Jabulani Rehab Centre residents in dire need of financial assistance.

LIVING in limbo, not knowing what the future holds, residents at Jabulani Rehabilitation Centre are taking it one day at a time, hoping for a miracle.

In March, the Zululand Observer reported that the centre was being put up for sale because the Association for the Physically Challenged (APC), who run the centre, are in desperate need of funding.

However, there still has been no noticeable help forthcoming to keep it afloat.

D.I.C.E. (Do I Care Enough?), the welfare arm of the Zululand Observer, have visited the centre with donations of food parcels, clothing and blankets, while Richards Bay Engineering donated R4 500 for the purchase of skins for leather work, with another organisation donating R2 000 for residents to buy more materials for their handcrafts.

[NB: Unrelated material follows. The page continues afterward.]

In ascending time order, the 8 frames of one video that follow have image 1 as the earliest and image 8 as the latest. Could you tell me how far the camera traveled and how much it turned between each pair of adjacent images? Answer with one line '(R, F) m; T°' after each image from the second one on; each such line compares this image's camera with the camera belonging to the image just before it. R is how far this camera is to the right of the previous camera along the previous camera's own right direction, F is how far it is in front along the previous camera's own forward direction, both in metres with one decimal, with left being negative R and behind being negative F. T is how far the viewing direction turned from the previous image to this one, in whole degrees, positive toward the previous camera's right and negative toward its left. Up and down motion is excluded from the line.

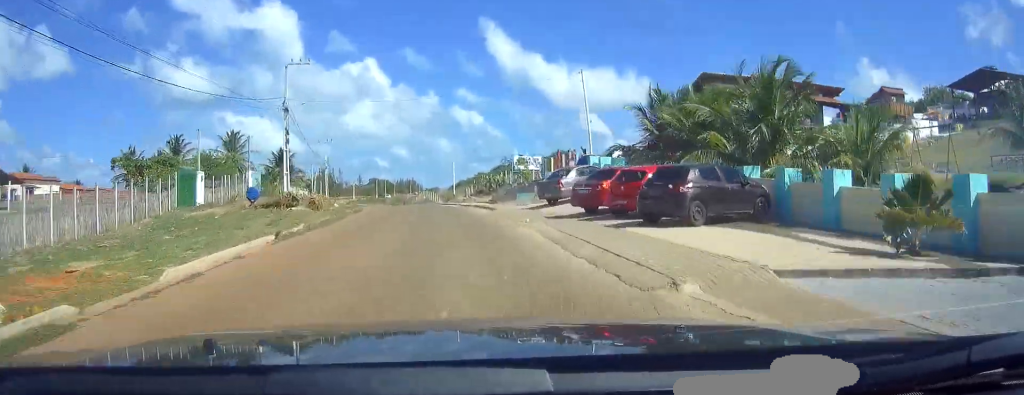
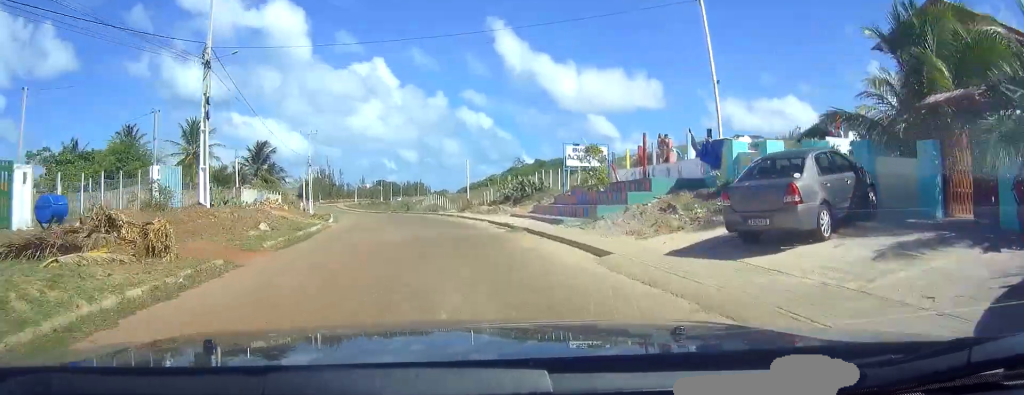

APC Chairperson Jane Chennells said the centre is in desperate need of financial assistance to keep it going, at least until all its residents are safely accommodated at Dumisane Makhaye Village, outside Ngwelezane.

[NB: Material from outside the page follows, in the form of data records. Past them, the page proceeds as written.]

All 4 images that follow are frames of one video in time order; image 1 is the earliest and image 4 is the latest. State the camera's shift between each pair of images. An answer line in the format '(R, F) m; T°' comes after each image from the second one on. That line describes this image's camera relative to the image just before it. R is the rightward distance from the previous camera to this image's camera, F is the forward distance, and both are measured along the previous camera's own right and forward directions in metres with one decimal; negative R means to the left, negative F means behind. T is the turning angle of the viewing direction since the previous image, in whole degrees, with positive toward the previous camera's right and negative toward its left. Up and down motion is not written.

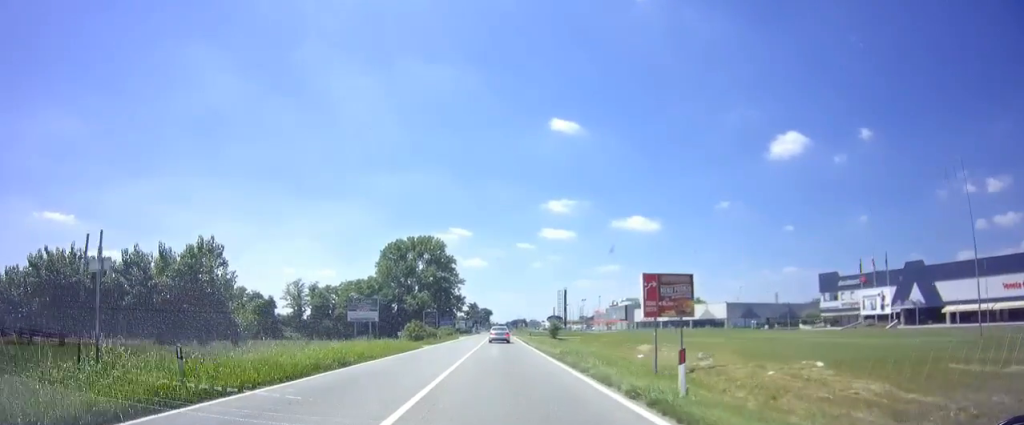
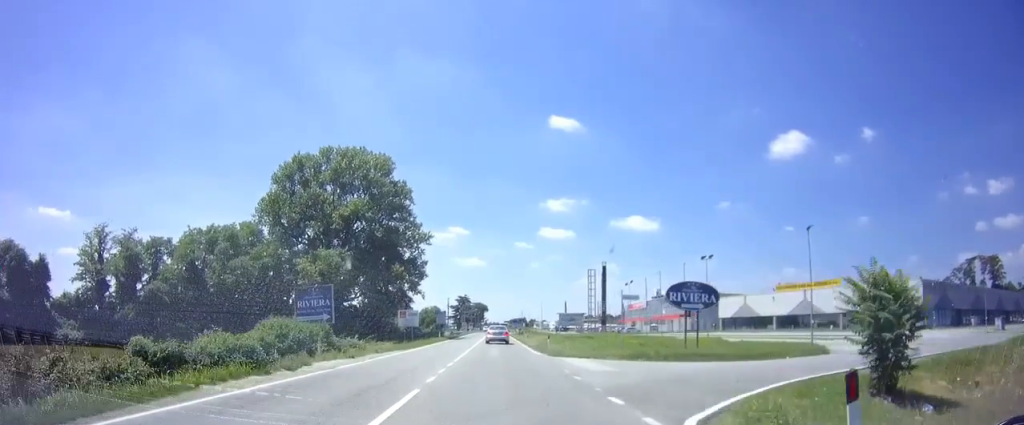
(-0.8, +67.8) m; 0°
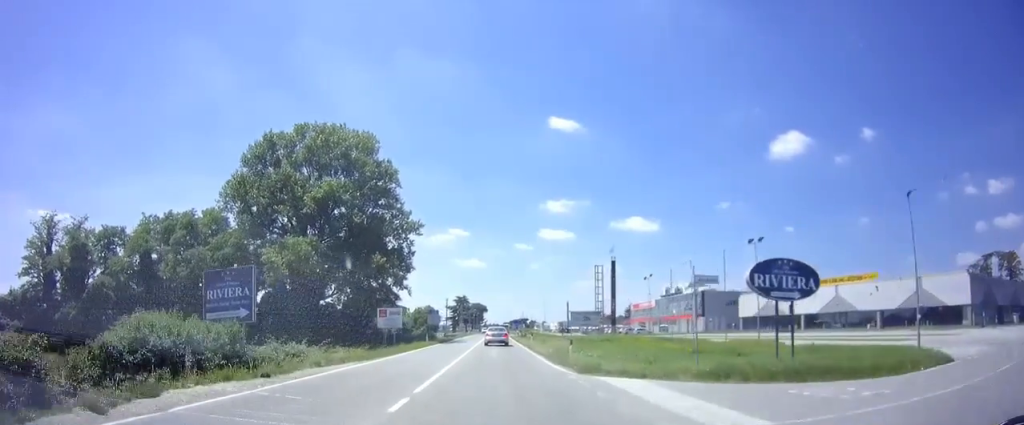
(0.0, +9.1) m; 0°
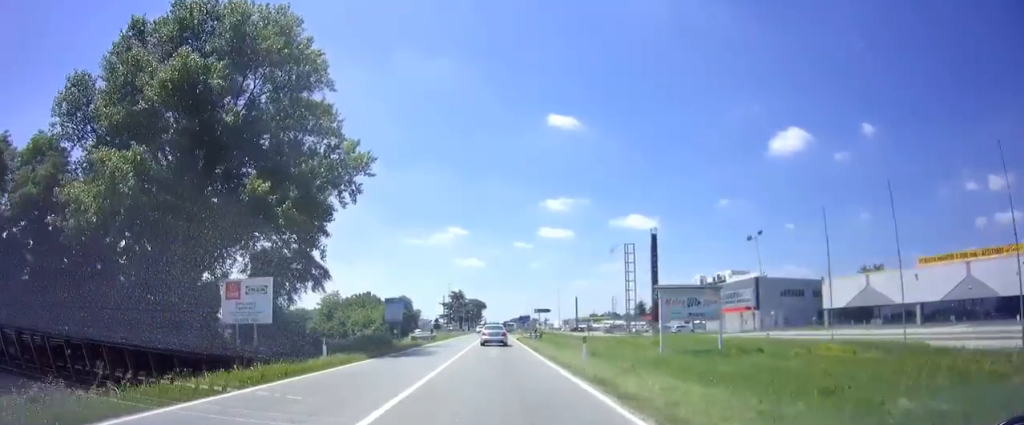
(-0.1, +26.3) m; -1°

Centre needs financial help

‘Of the 22 residents who use the workshop facility for their handiworks, 11 have been allocated government RDP houses at Dumisane Makhaye Village, and the remainder have been put on a waiting list of houses in the government’s next phase, and these currently stay at the centre.

‘Those staying at the village constantly require transport to commute from the centre and their homes, which costs a lot of money.

‘Even though the government pays an allowance for each resident attending the workshop, this is not enough to keep it afloat, and our biggest wish is for all of them to get housing at the village, and maybe a new workshop built near their homes.

‘Our main focus is to re-integrate them back into a normal society so they become part and parcel of a bigger community, instead of them being isolated, vulnerable, and far from facilities such as shops and clinics,’ said Jane.

She said APC is a provincial NPO, with branches at Newcastle, Pietermaritzburg and other parts of KZN, and their biggest challenge is lack of funding, which would enable them to cater for the needs of those unable to help themselves.